_Input records_
++++++

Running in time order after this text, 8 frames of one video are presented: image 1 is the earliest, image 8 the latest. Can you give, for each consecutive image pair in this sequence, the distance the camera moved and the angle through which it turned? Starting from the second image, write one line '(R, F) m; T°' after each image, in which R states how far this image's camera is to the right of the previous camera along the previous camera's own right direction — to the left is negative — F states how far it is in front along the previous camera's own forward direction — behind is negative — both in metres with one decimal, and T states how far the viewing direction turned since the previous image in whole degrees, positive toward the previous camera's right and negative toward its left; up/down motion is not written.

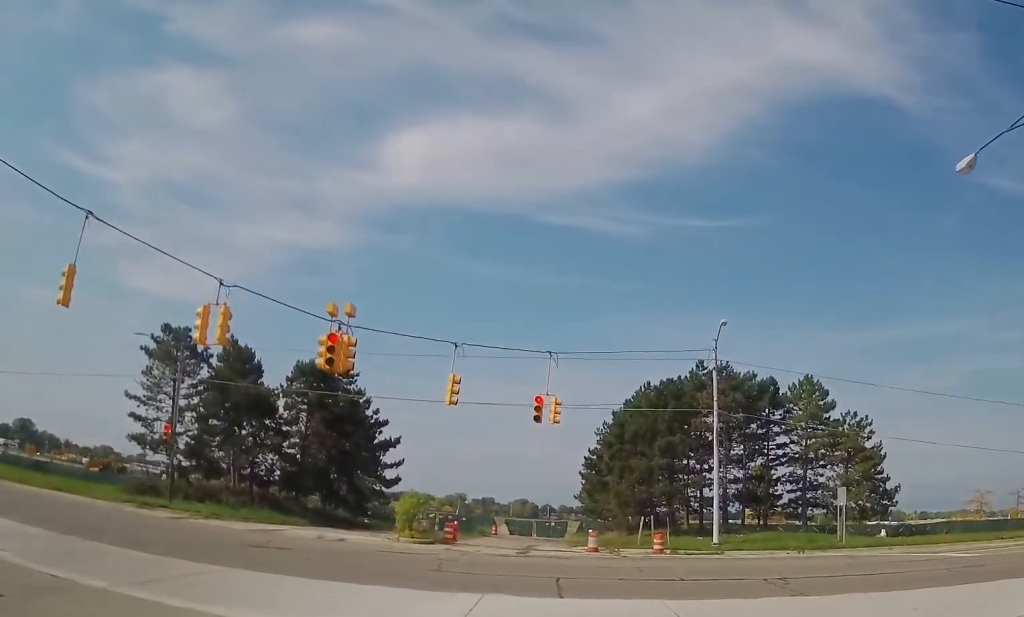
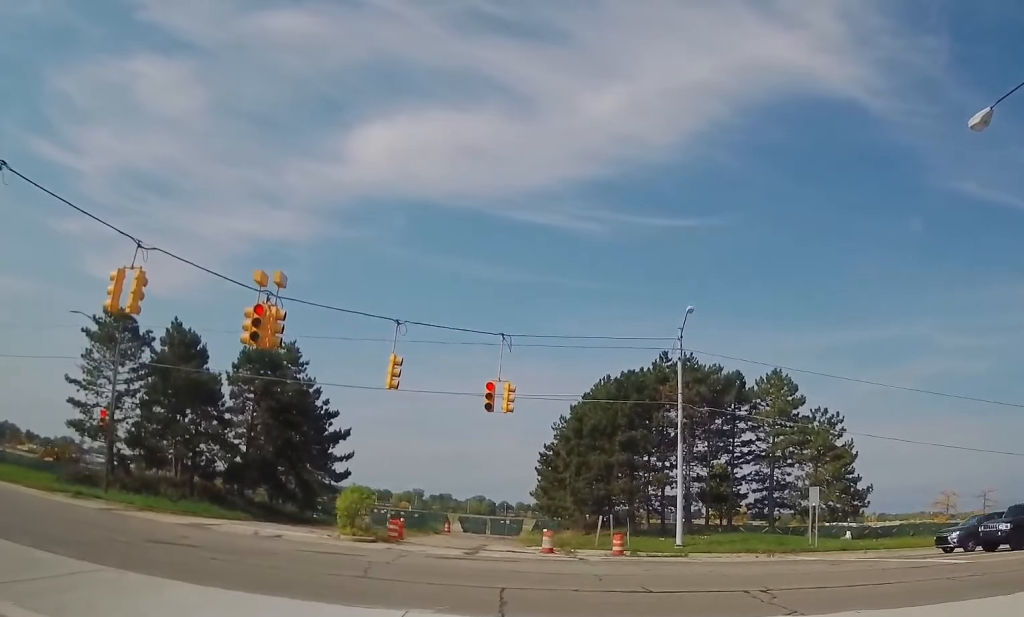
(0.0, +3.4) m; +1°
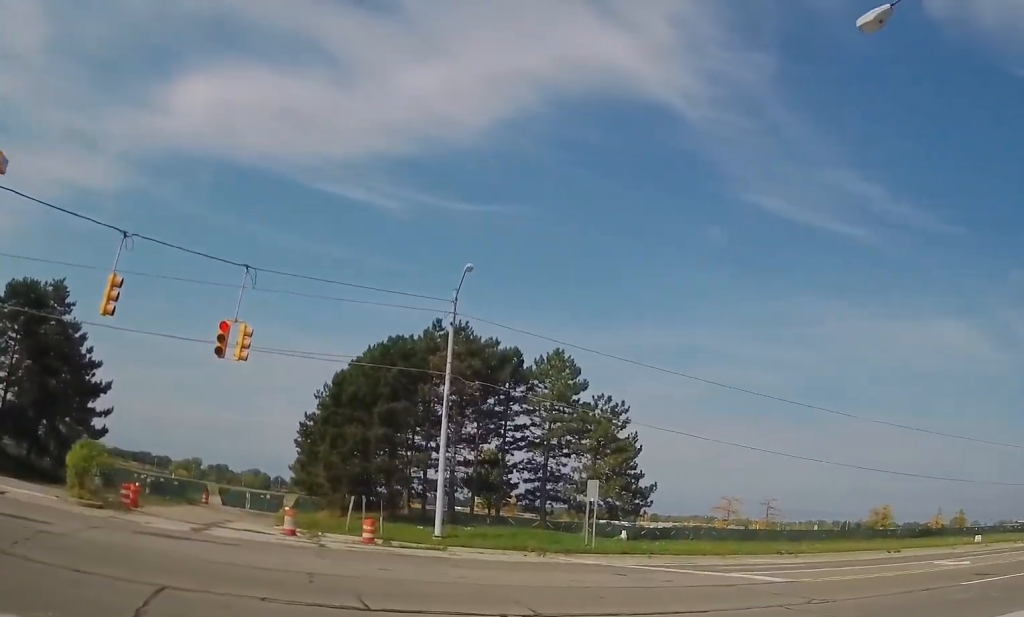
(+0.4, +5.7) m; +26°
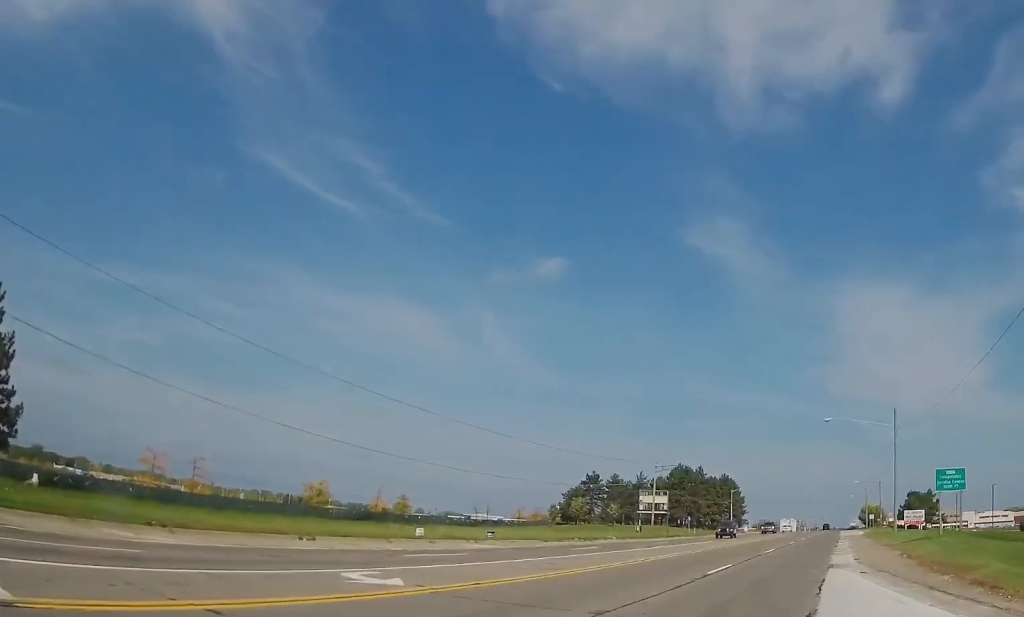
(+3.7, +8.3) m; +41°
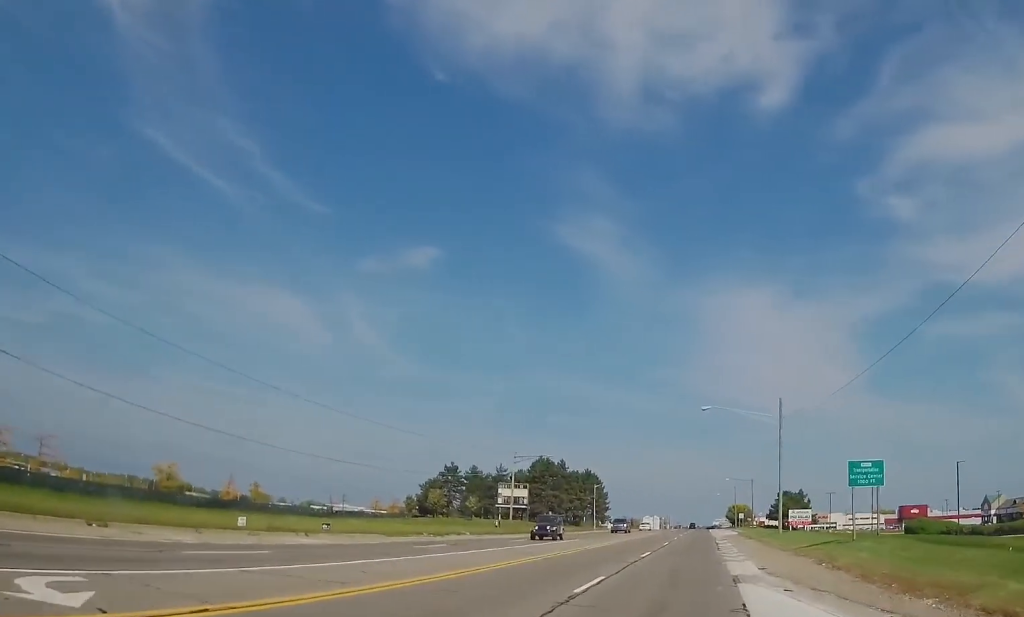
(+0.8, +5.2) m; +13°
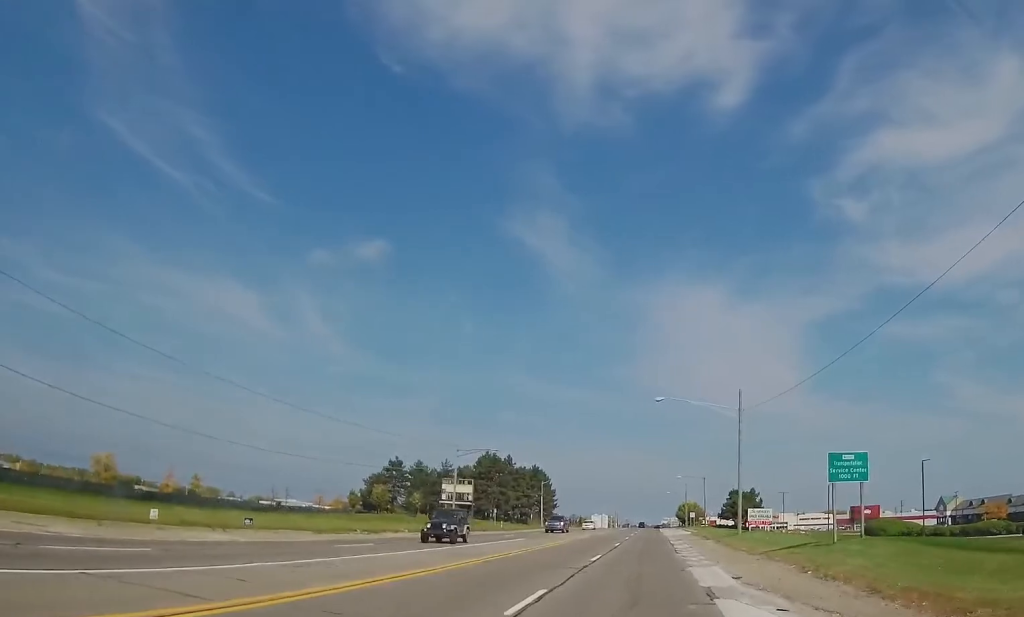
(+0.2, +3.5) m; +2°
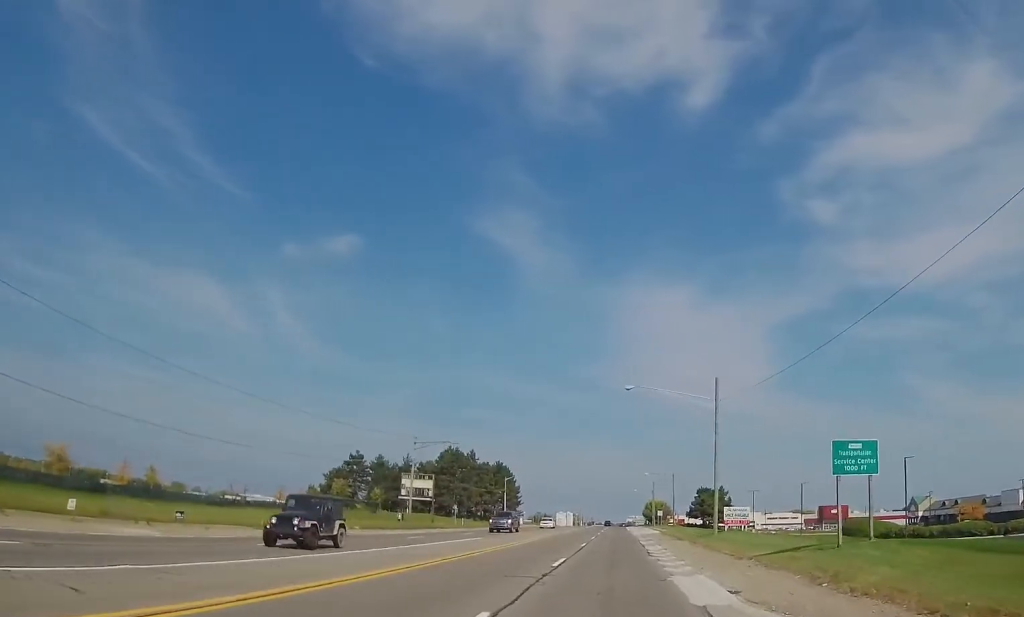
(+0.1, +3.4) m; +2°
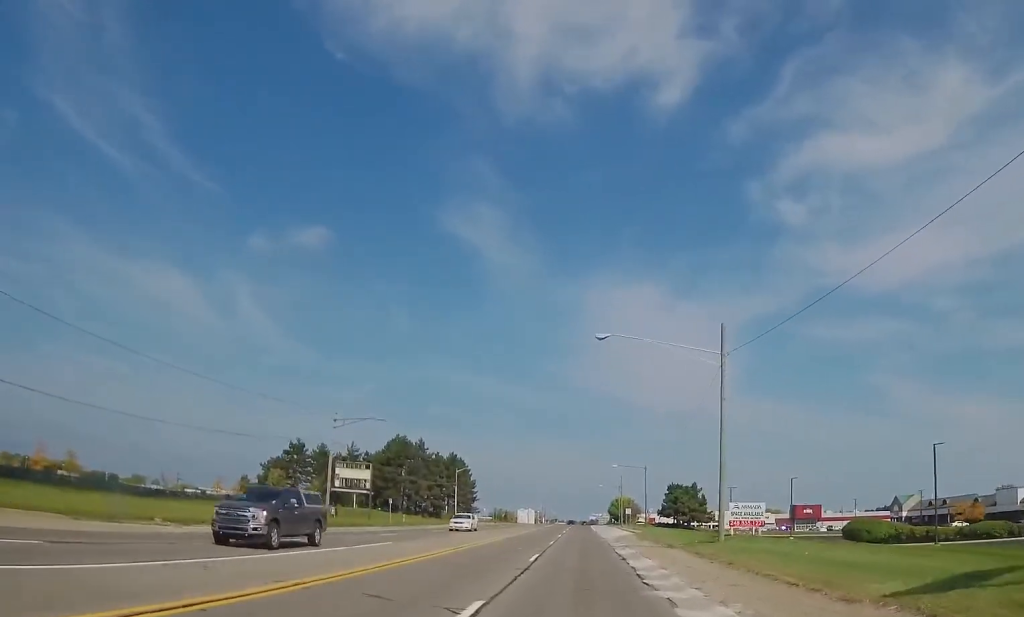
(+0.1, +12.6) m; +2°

++++++

_Activity_
The records must be copied with no word altered, and without their pictures.

_Response area_
Running in time order after this text, 8 frames of one video are presented: image 1 is the earliest, image 8 the latest. Can you give, for each consecutive image pair in this sequence, the distance the camera moved and the angle through which it turned? Starting from the second image, write one line '(R, F) m; T°' after each image, in which R states how far this image's camera is to the right of the previous camera along the previous camera's own right direction — to the left is negative — F states how far it is in front along the previous camera's own forward direction — behind is negative — both in metres with one decimal, and T states how far the viewing direction turned since the previous image in whole degrees, positive toward the previous camera's right and negative toward its left; up/down motion is not written.

(0.0, +3.4) m; +1°
(+0.4, +5.7) m; +26°
(+3.7, +8.3) m; +41°
(+0.8, +5.2) m; +13°
(+0.2, +3.5) m; +2°
(+0.1, +3.4) m; +2°
(+0.1, +12.6) m; +2°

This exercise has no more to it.